No, just me? Oh, well.
Let’s start at the beginning.
You are shit at editing because…
… You think editing and proofreading are the same thing.
When you edit you have to focus on the structure of what you’ve written. This means the transition of paragraphs, overall coherence of tone and theme. Does Mrs Bumble-Snake actually say to Jenkins that thing about killing the whores or is that something you need to add in? Did you ever reveal what Harry’s big secret was, or is he staying in the closet with Ron for another few books?
Proofreading is more on stylistics matters such as spelling or punctuation errors, spacing and format. Don’t confuse yourself with these concepts. I’m currently reading a Catherine Cookson book and when each page hits me with another one thousand word paragraph I want to punch my cat in the face.
*Trust me when I say this, the little git has it coming. He thinks he’s so smart, just because he read Law at Oxford.*
…You edit before you read.
You need to know the story first. Read the whole thing before reducing or adding anything. This is also essential when editing other people’s work. You need to familiarize yourself first with the style and tone and what the story is about before you can make any changes. Is this a sexy romp through the fields of Kent, filled with fun and frolicking or is it a Noir post-modern look at how people cope with change? You might think you know this as the writer, but there will be times when you need to step back and look at it as a whole.
As you read through, you will notice word choices which may not be your normal style. Instead of immediately changing it, wait until you’ve read the whole thing.
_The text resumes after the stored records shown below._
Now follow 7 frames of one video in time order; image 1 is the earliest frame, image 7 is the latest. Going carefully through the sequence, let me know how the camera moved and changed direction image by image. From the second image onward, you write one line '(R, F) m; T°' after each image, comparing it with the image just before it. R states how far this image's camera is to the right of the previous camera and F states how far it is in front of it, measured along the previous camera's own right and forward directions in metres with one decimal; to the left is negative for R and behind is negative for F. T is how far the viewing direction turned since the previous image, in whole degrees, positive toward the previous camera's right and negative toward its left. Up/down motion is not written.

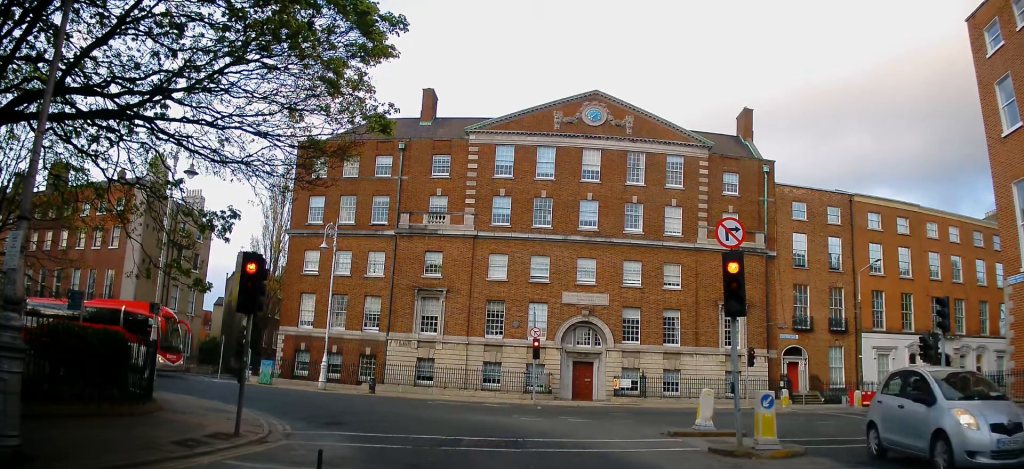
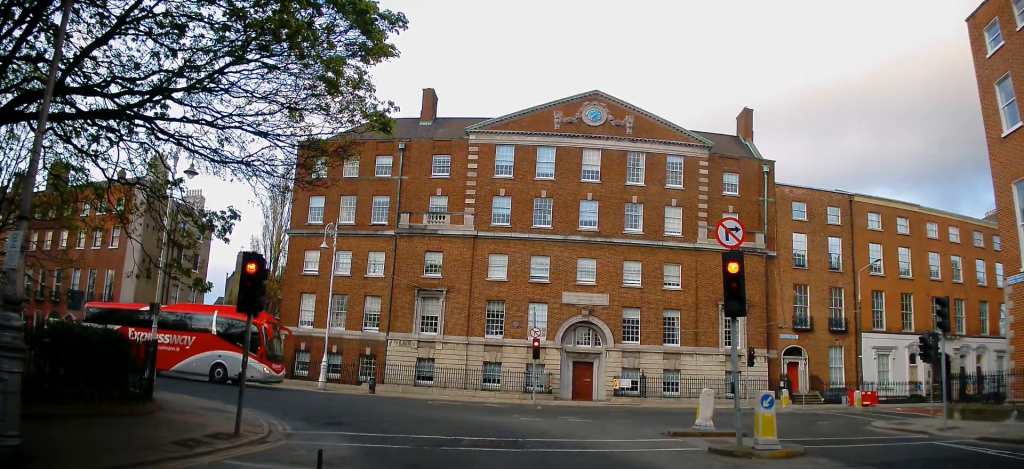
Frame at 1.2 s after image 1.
(0.0, 0.0) m; 0°
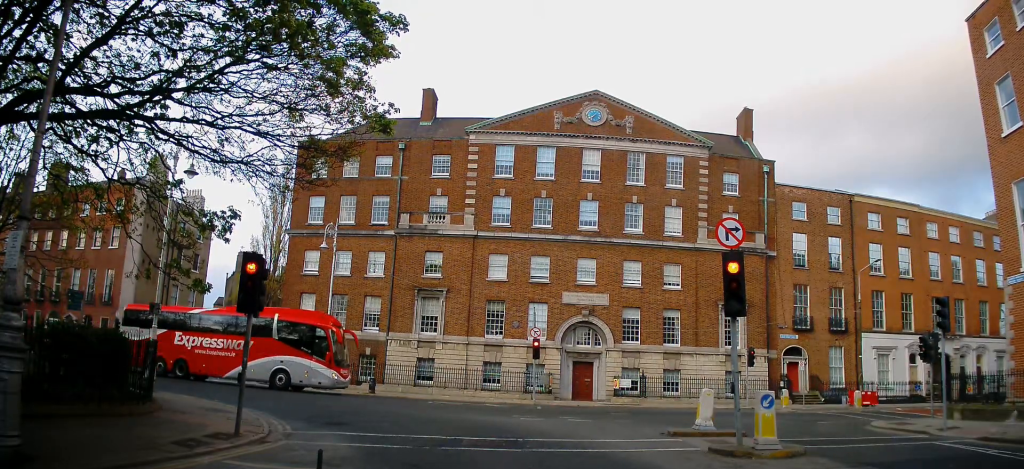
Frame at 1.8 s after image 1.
(0.0, 0.0) m; 0°
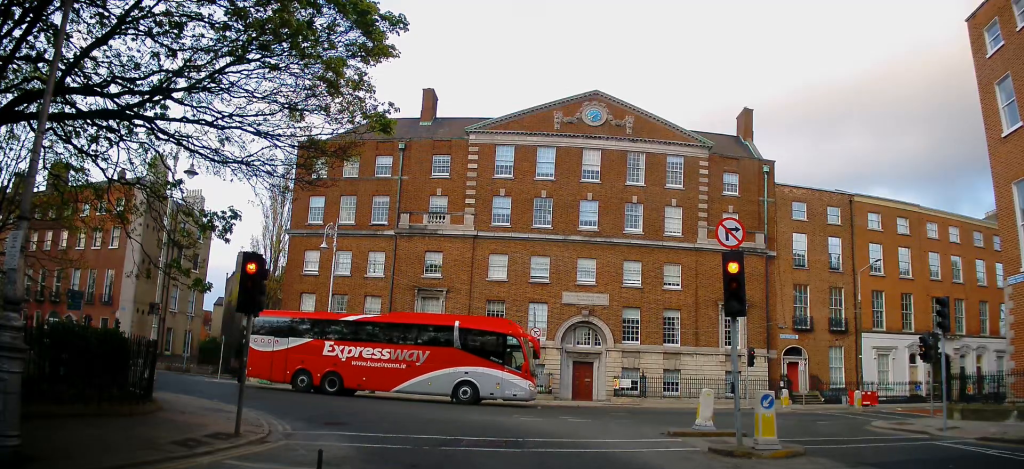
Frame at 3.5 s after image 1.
(0.0, 0.0) m; 0°
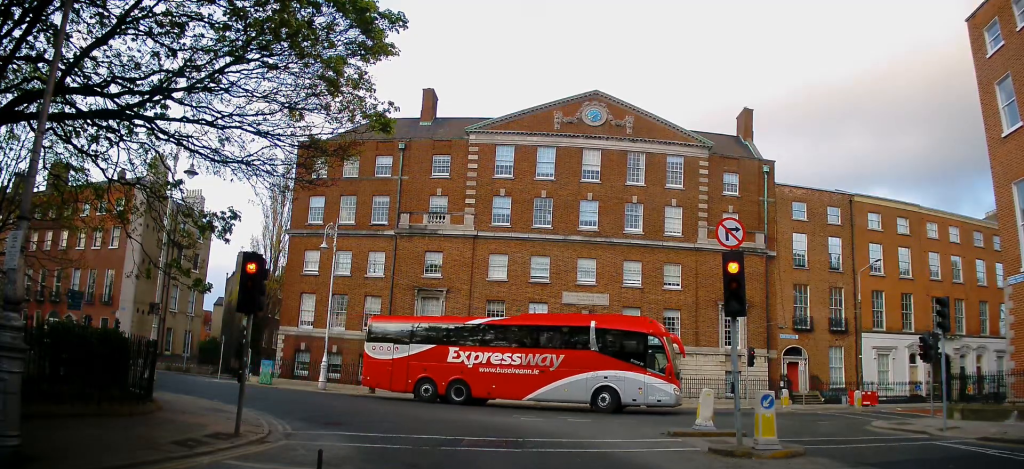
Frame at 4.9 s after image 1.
(0.0, 0.0) m; 0°
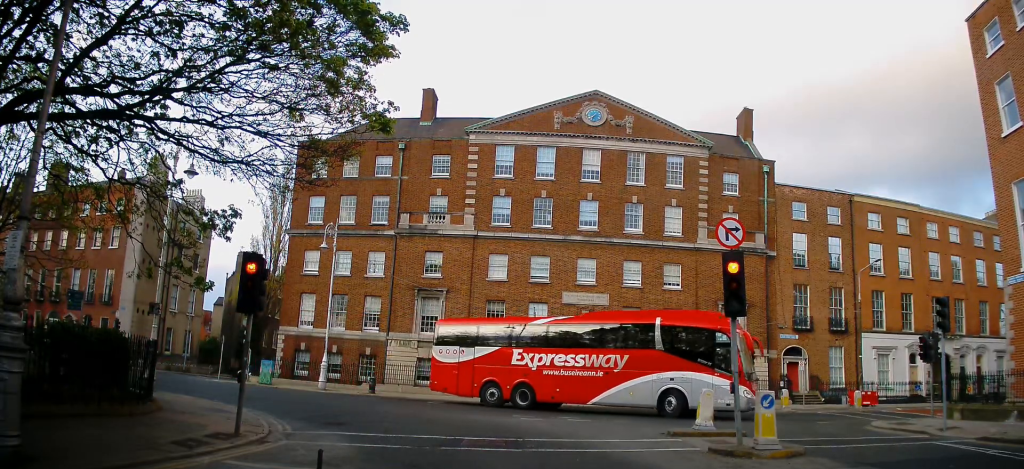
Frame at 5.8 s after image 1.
(0.0, 0.0) m; 0°
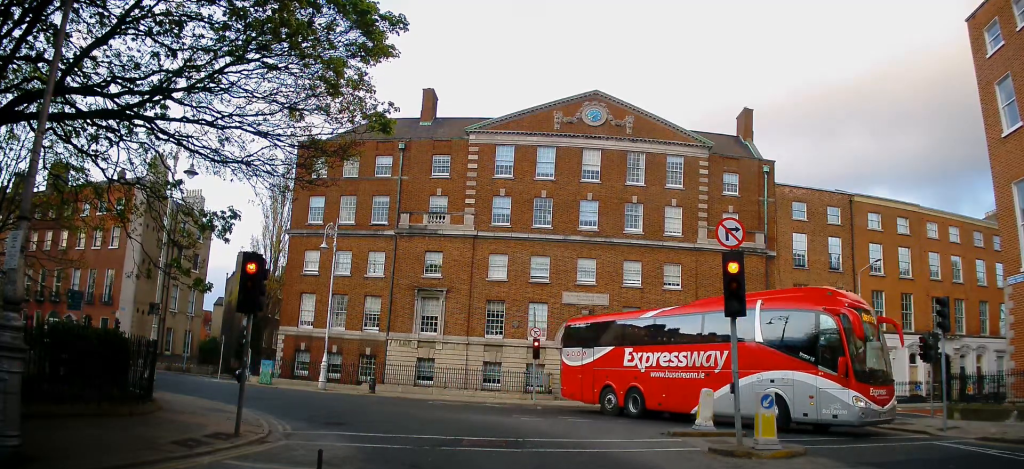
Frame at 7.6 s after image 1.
(0.0, 0.0) m; 0°

…You don’t catch homophones.
I’m as guilty as anyone of this. In fact probably more so. ‘Their, there and they’re’ or ‘your and you’re’ are different from each other. Pay extra attention on homophones since the spell checker won’t even notice the difference. Keep in mind that the wrong use of a word will ruin your credibility. People will point and laugh at you. ‘Haha,’ they’ll say, ‘that smelly retard doesn’t know the difference between their and they’re.’ Then the only way you’ll be able to live with yourself is that sweet, sweet whore murder.
Sure, that gun can fire in sniper, semi-automatic, automatic modes and can have and underslung grenade launcher. The human body can totally bend that way. Kids don’t need all their bones. The patriarchy is a real thing you guys.
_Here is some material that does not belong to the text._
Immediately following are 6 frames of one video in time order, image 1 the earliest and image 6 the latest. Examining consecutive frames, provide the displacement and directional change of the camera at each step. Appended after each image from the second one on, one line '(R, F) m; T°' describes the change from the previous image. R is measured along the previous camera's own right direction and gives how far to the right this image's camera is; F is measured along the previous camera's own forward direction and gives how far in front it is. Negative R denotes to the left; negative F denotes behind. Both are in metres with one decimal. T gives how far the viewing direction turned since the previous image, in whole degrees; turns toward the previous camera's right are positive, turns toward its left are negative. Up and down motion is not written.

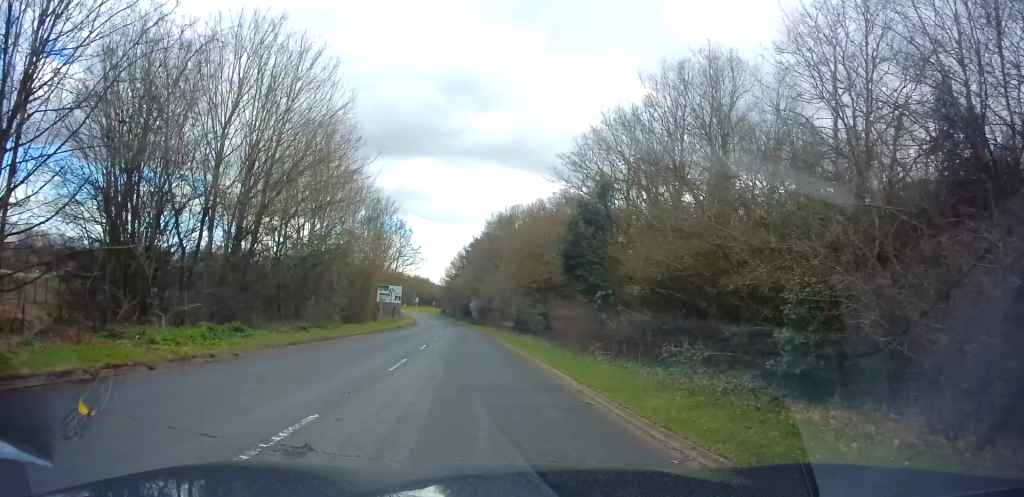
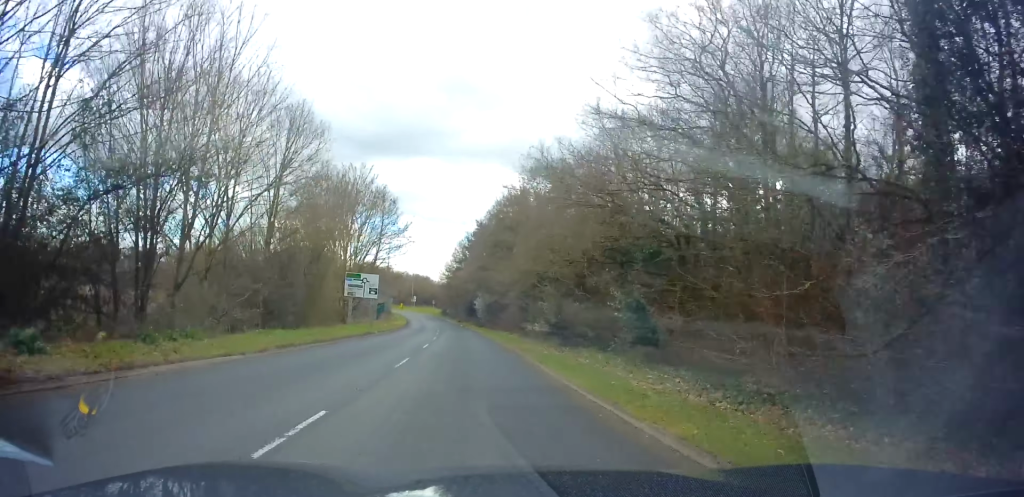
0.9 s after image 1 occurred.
(0.0, +17.6) m; 0°
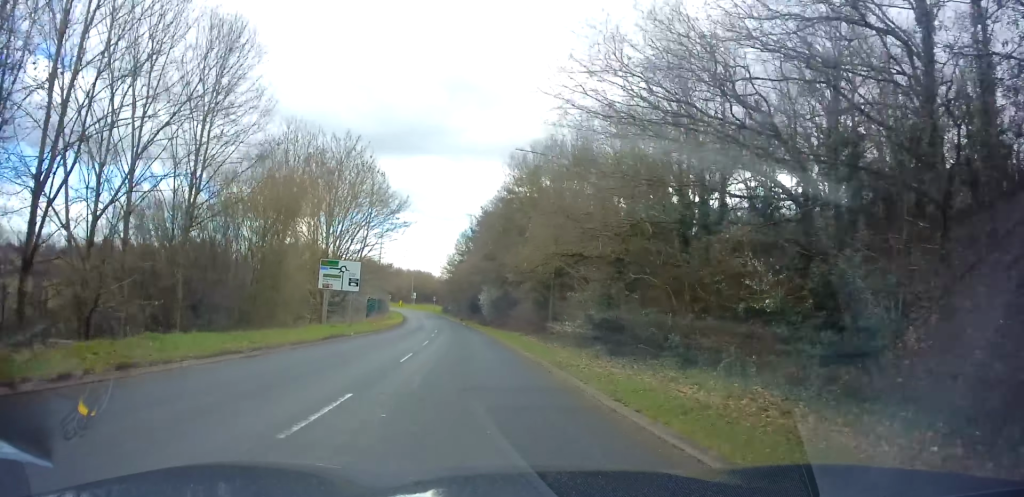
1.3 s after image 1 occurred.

You should have done more research.
… You don’t kill your darlings.
But that bit there where he says ‘Avast’ is totally the best bit. I need it there, it completes me. Why can’t I keep it, it’s just another extension of my genius! You’re not my real dad, you don’t understand me!
Less is more. The important thing is that all paragraphs should support the main objective and anything that does not add up to the main objective should be removed. Even your fixation on toes.
…You trust Spell Check.
Ok, this is my big problem. I’m dyslexic up the arse and if there ain’t a red line under a word then, fuck it, that word stays put principally because I won’t know there is a problem. This is my most major of problems, alongside my love for sweet-sweet whore flesh. I know what I meant to write, therefore whatever is on the page is what I meant to write. Stands to reason. I know what I wrote so part of my brain just conforms what I expect to be there without actually looking at the words written down. Maybe it’s some aspect of my dyslexia?
On this note as well, fuck you auto correct. I’ve lost count of the amount of times someone has said, ‘why did you put ‘ducking’ here?’ Eat me you bastard, bastard, bastard thing.
…You trust yourself.
Like the filthy rat that you are, you lie to yourself. Yes, sir, you look good in her skin, and your flesh is much younger now you have wiped her faeces on it.
‘I read that bit already’ or ‘I know what I mean, so will everyone else’. This is why getting a second person to look over your work is so important. I have an alpha reader and a beta reader for all my stuff (apart from the blog, this is where you get to experience my brain in all its naked shit spattered glory). The alpha reader is the one that says ‘the fuck is this about teddy bears?’ whilst the beta is the one who picks up everything that they miss. Think of an editor like a sieve; they catch the shit you accidentally put in your work.
…You only do it once.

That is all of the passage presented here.